Correct and Up-to-Date Storage of Your Personal Data
The relevant individual groups, whose personal data we process on the website and/or directly provided by them due to the contract relationship, have acknowledged that they are aware of the importance of ensuring that the personal data shared is accurate and up-to-date in terms of exercising their rights over personal data under the Personal Data Protection Law and other relevant legislation, and that they fully accept and declare that the responsibility arising from providing incorrect information will be entirely theirs. You can reach us at kvkk@melden.com to make changes and/or updates to your shared personal data.

Personal Data Retention Period
The retention period for personal data of online visitors is 2 years in accordance with Law No. 5651. The retention period for CCTV recordings of physical visitors is 90 days. Personal data related to identity information is stored in accordance with the periods stipulated in the relevant legislation.
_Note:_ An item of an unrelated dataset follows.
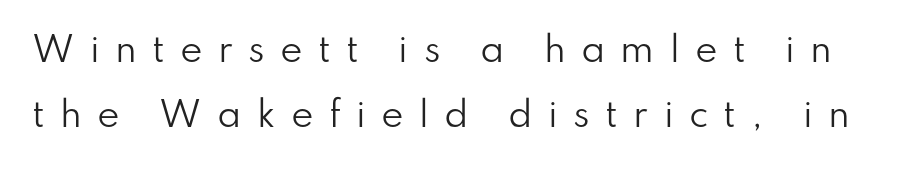
The image shows 34 px regular-weight sans-serif type, upright; set loose line spacing (1.92x), unusually wide letter spacing (+0.45 em), not underlined; low stroke contrast and a small x-height.

Personal data of suppliers are kept for 10 years from the end of the legal relationship in accordance with the legislation.

Deletion, Destruction, or Anonymization of Your Personal Data
Personal data processed for the purposes stated in this Personal Data Protection Policy will continue to be used after being anonymized by us, following the expiration of the obligation to process under Article 7/f.1 of Law No. 6698 and the periods stipulated by the Laws and in accordance with the method of anonymization specified in the Personal Data Protection Board’s Guide on Deletion, Destruction, or Anonymization of Personal Data, and as long as there is no need for storage under Article 138 of the Turkish Penal Code.

Changes and Updates to the Policy

Melden Turz. San. ve Tic. A.Ş. may make changes or updates to this Policy in accordance with legal regulations and Company Policy. Necessary notifications about the new Policy text reflecting all these changes and updates will be made to the relevant individuals through the website.